Brandy -- and here I mean any spirit made from a mash of fermented fruit -- is the foundation spirit. When the persian alchemist Jabir ibn Haiyan al-Azdl put together the first alembic (and declared the vapor “of little use!”) he was boiling wine.



This is simply because grapes and apples and peaches and whatnot basically ferment themselves. It takes a lot of work to turn corn into gold. From the foundation spirit, in turn, comes one of the foundation cocktails: the sidecar.

There are a lot of cocktails worth learning, but I’m going to go out on a (admittedly sturdy) limb and say that the sidecar is among the most versatile.

Lemon Juice, Cointreau, and Spirit. If you put a bottle of Cointreau on your bar or something like it, you can always make a cocktail. Use gin, it’s a Chelsea Sidecar. Use Tequila, it’s a margarita. Irish whiskey makes an excellent drink. I like them up and I like them on the rocks. Recently, a friend wrote in to announce that he’d had an excellent sidecar made with Cardinal Mendoza and lime juice. It’s so versatile I think it qualifies as a parlor trick. But before you go off into the hinterlands of sidecar experimentation: make it with brandy. (Even cheap brandy.)

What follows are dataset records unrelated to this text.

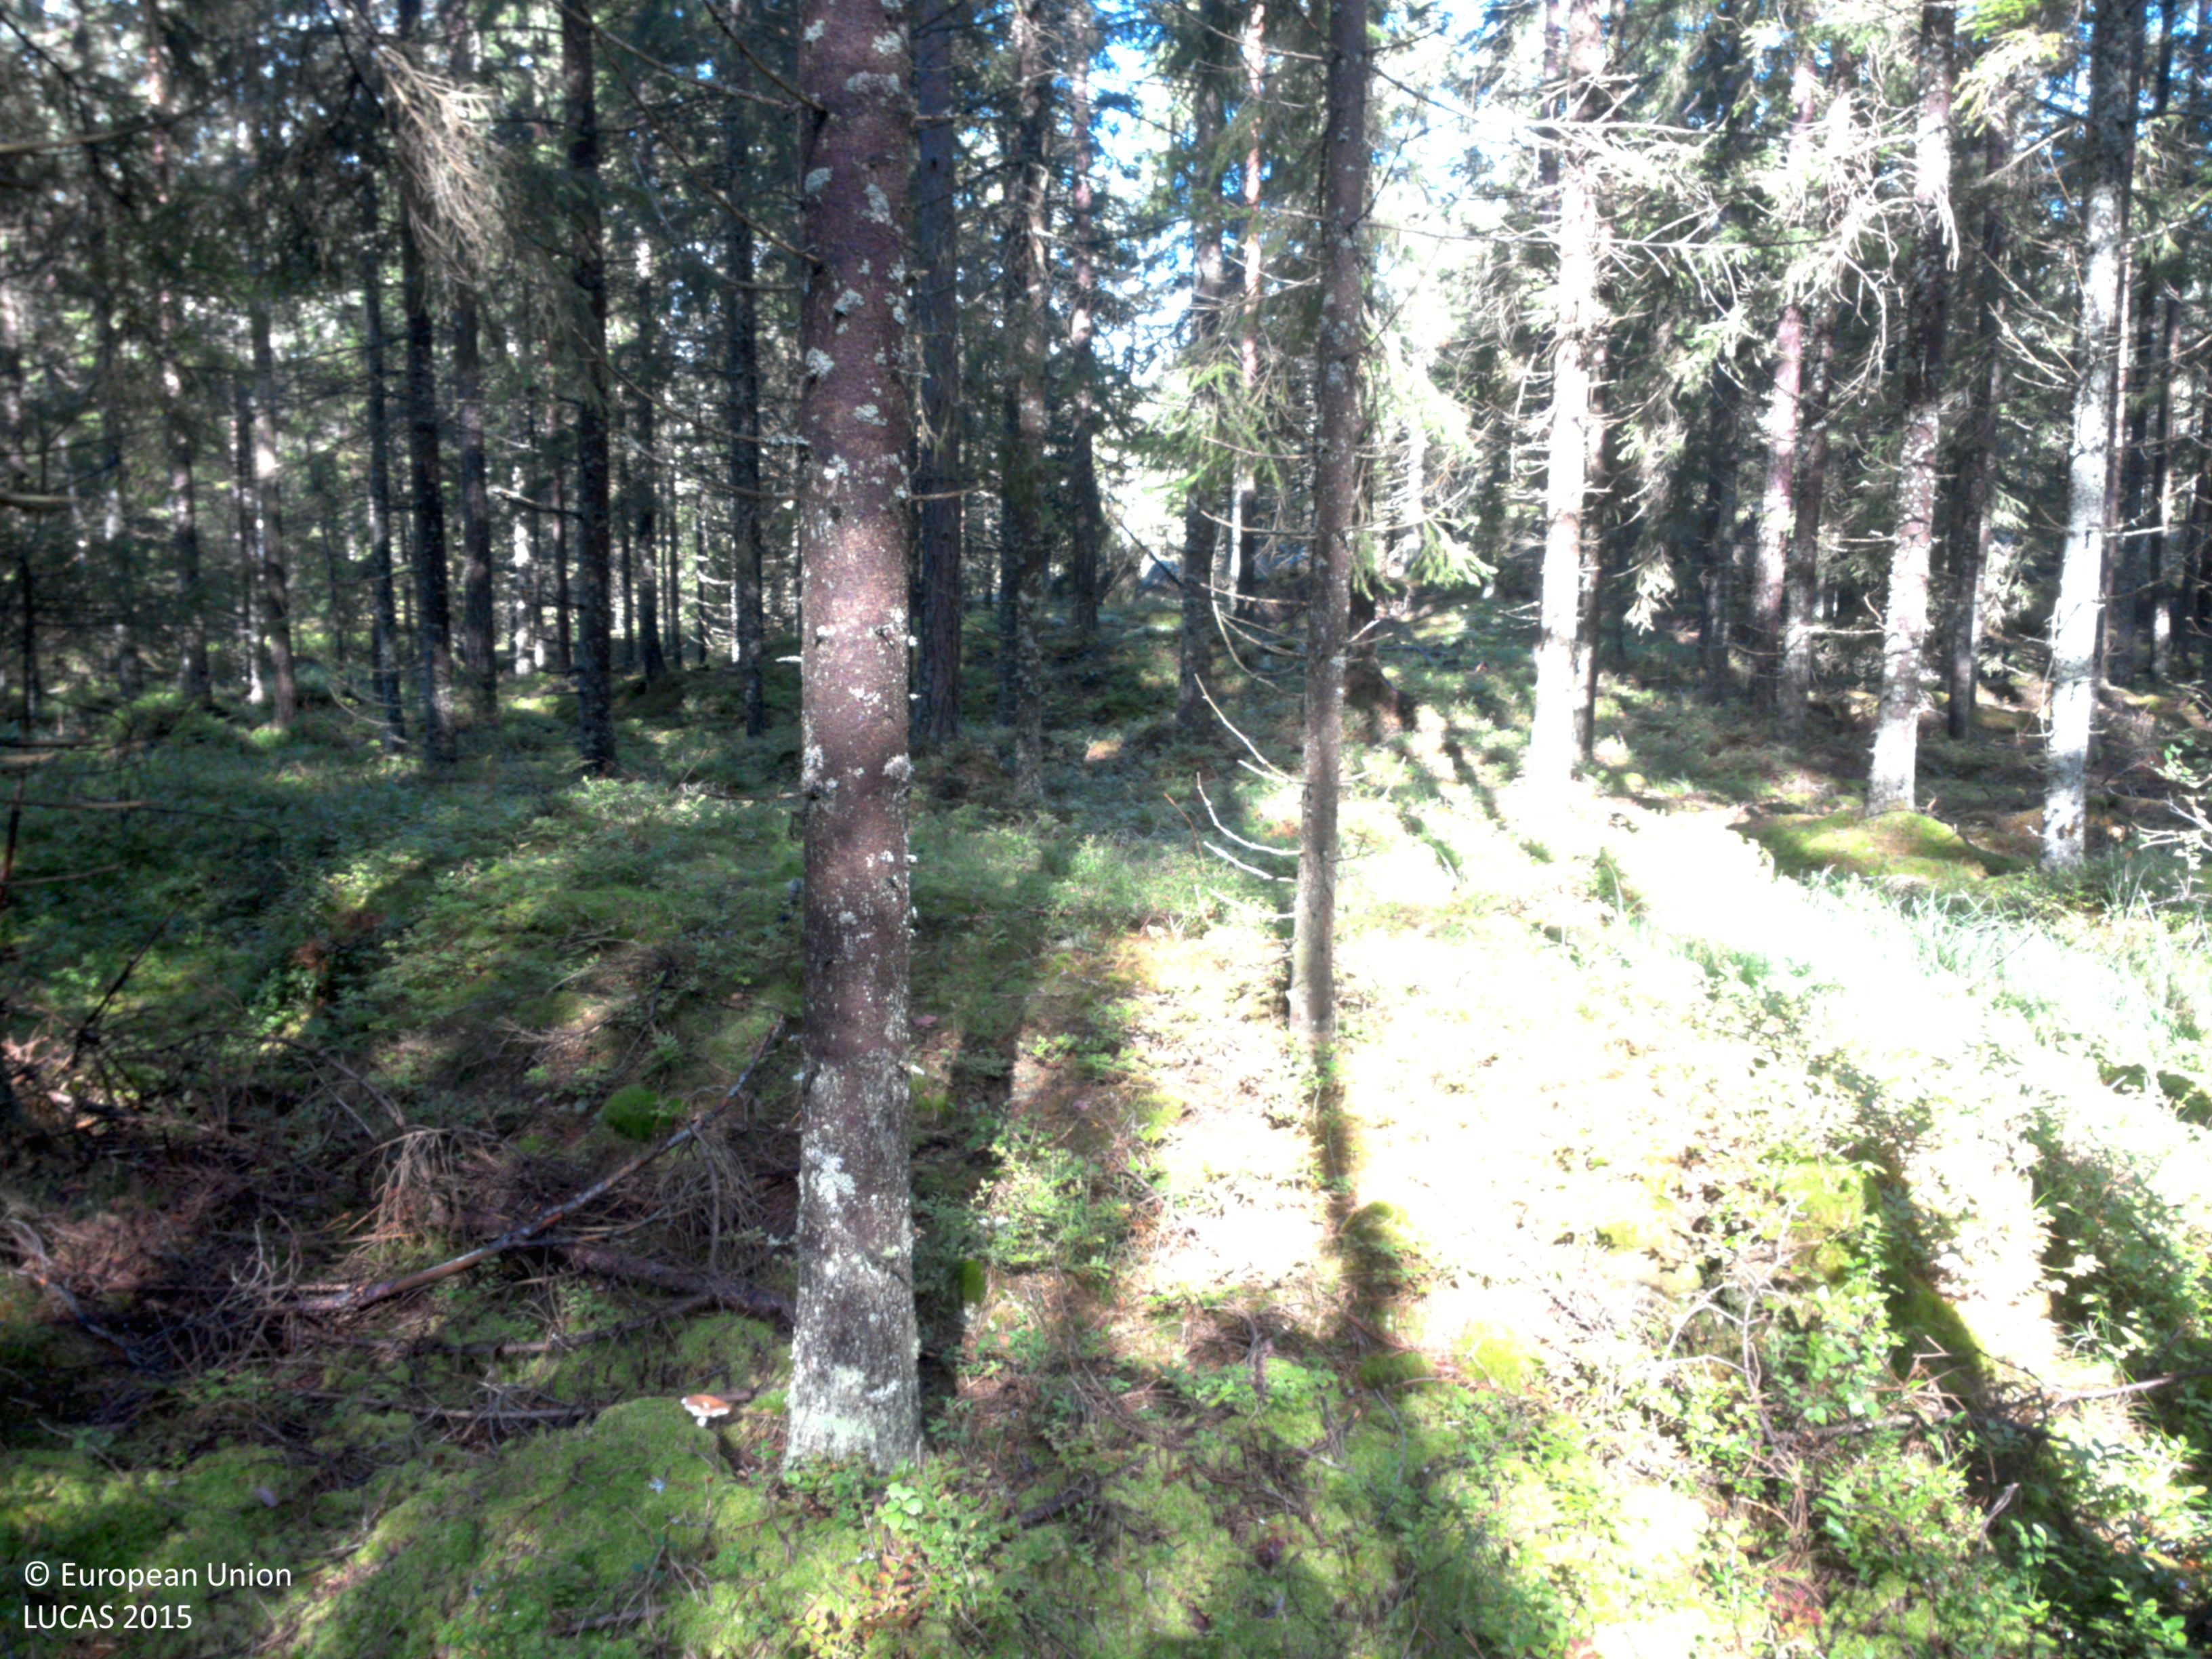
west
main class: Woodland
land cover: Spruce dominated coniferous woodland
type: boreal forest
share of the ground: 50 - 75 %
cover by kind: coniferous forest trees 60 %, lichens and mosses 25 %, shrubs 15 %
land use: Forestry
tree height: > 5 m
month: August
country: SE
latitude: 58.3089
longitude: 12.2314
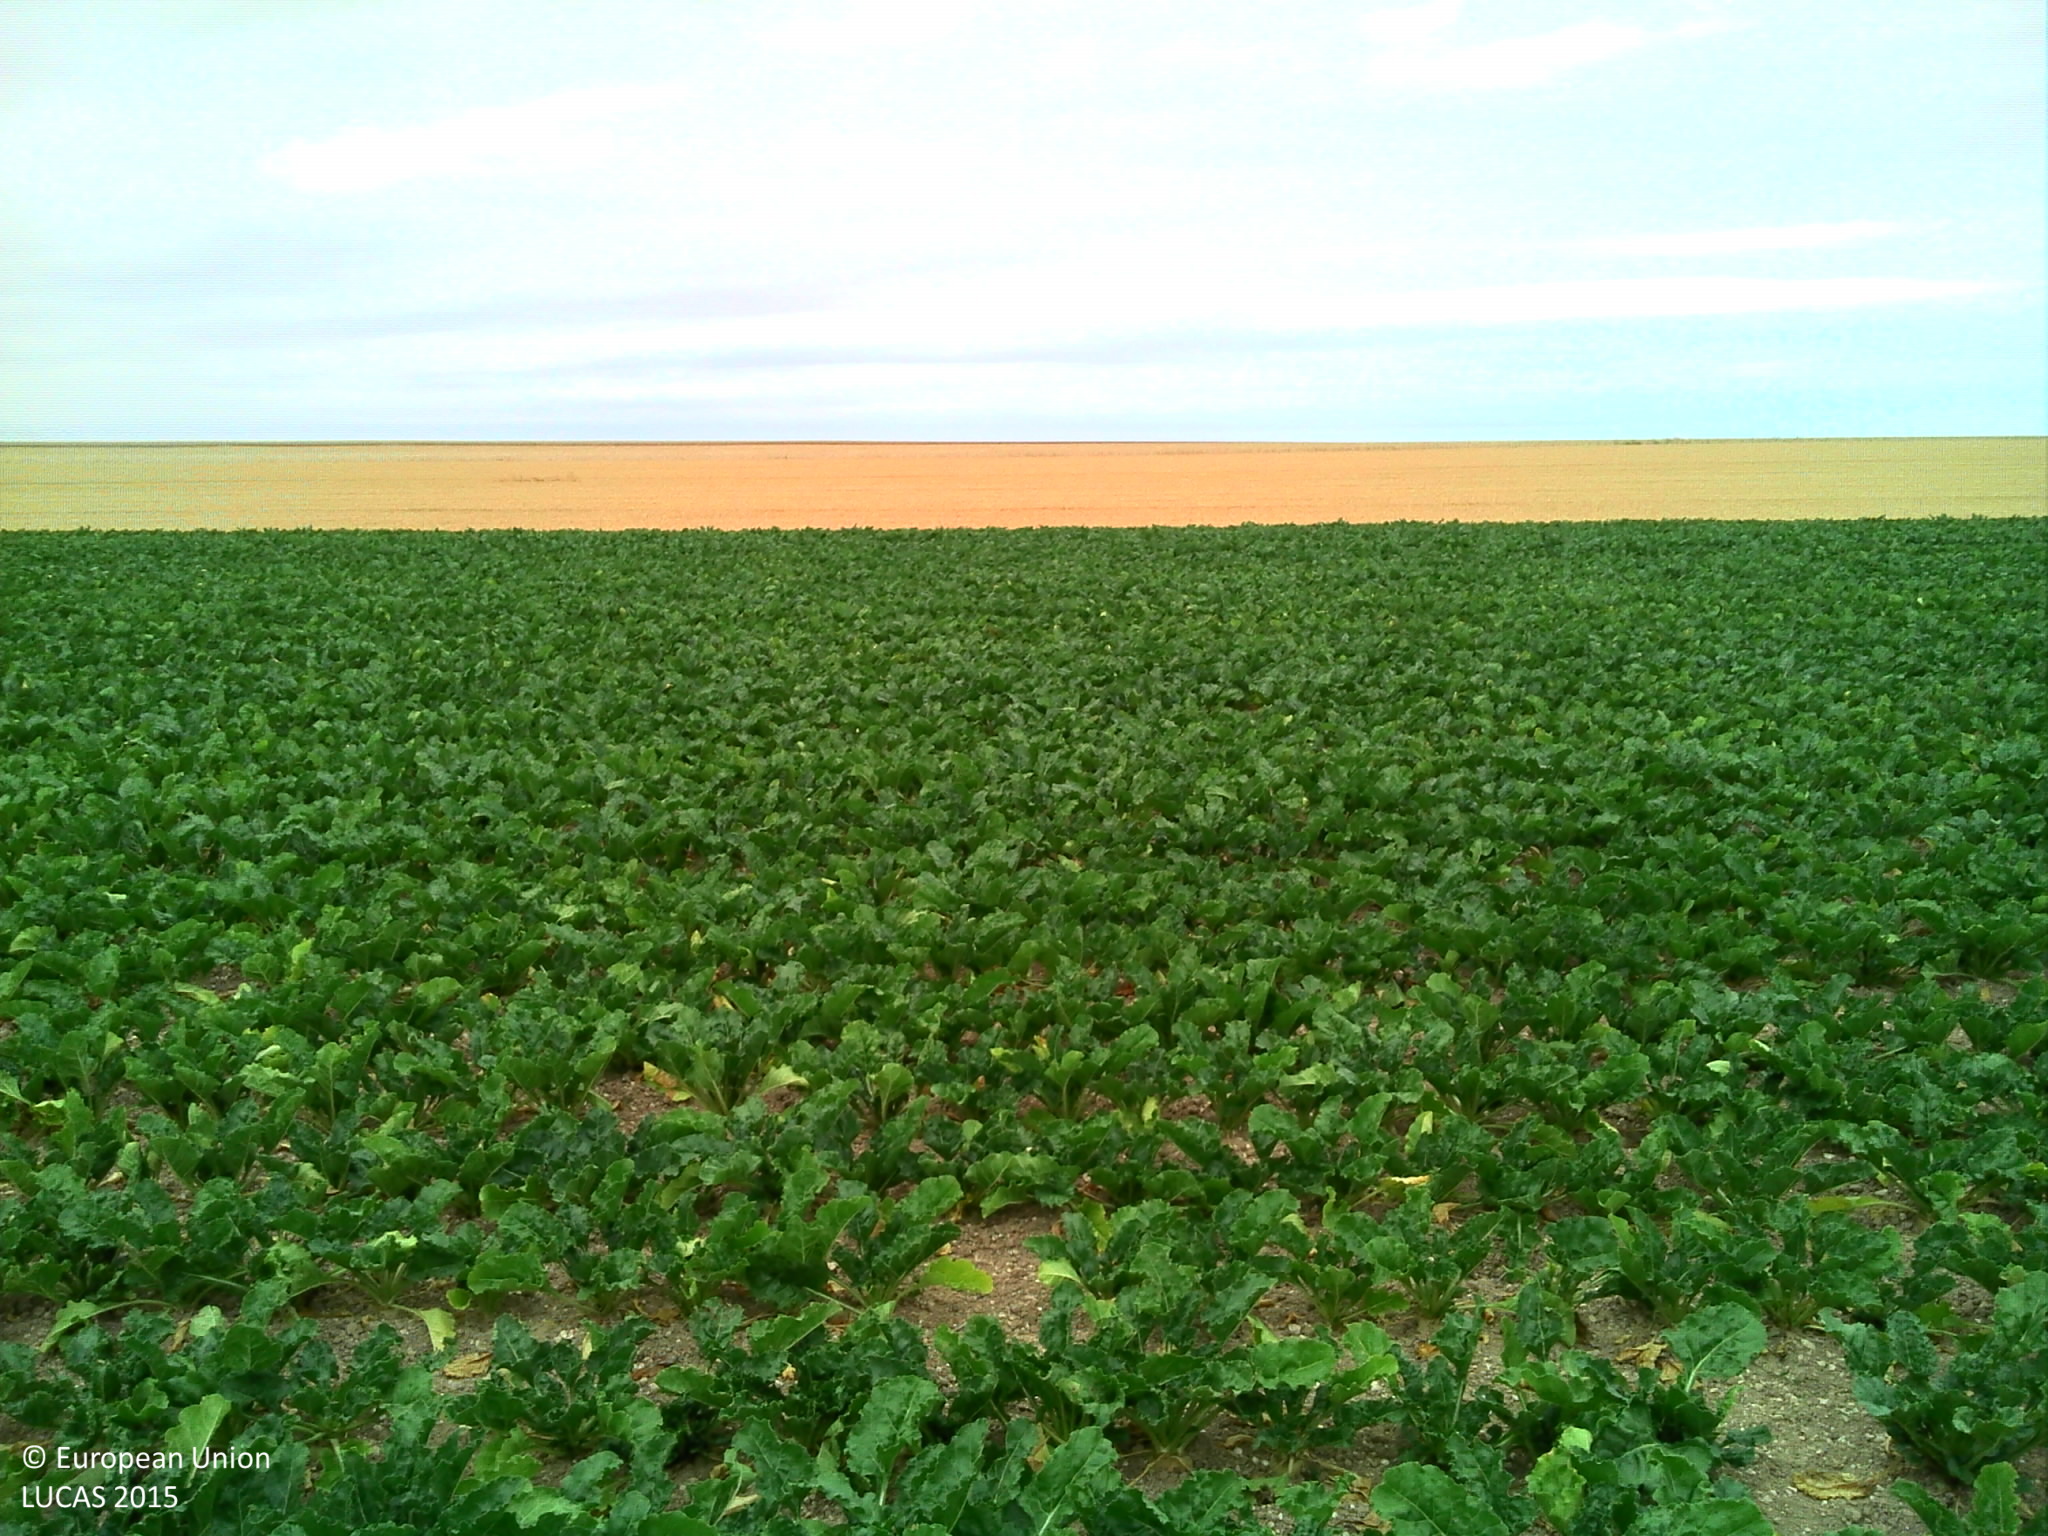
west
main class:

Find the proportions that appeal to you. Classic drink writer David Embury likes 8:2:1 (obsessively) and his cocktail (2 oz brandy, 1/2 oz Lemon Juice, 1/4 oz Cointreau) is far too dry for me. Perfection is somewhere between that and equal parts of all. I can’t tell you what you like. Make them, if you don’t like them, make them again.

What I don’t like is the sugared rim. It makes the drink far too sweet, and headache inducing, and really the last thing you need is sugar water dripping down the side of the glass and coating your hands like you’ve been spilling juleps in the infield at the Kentucky Derby.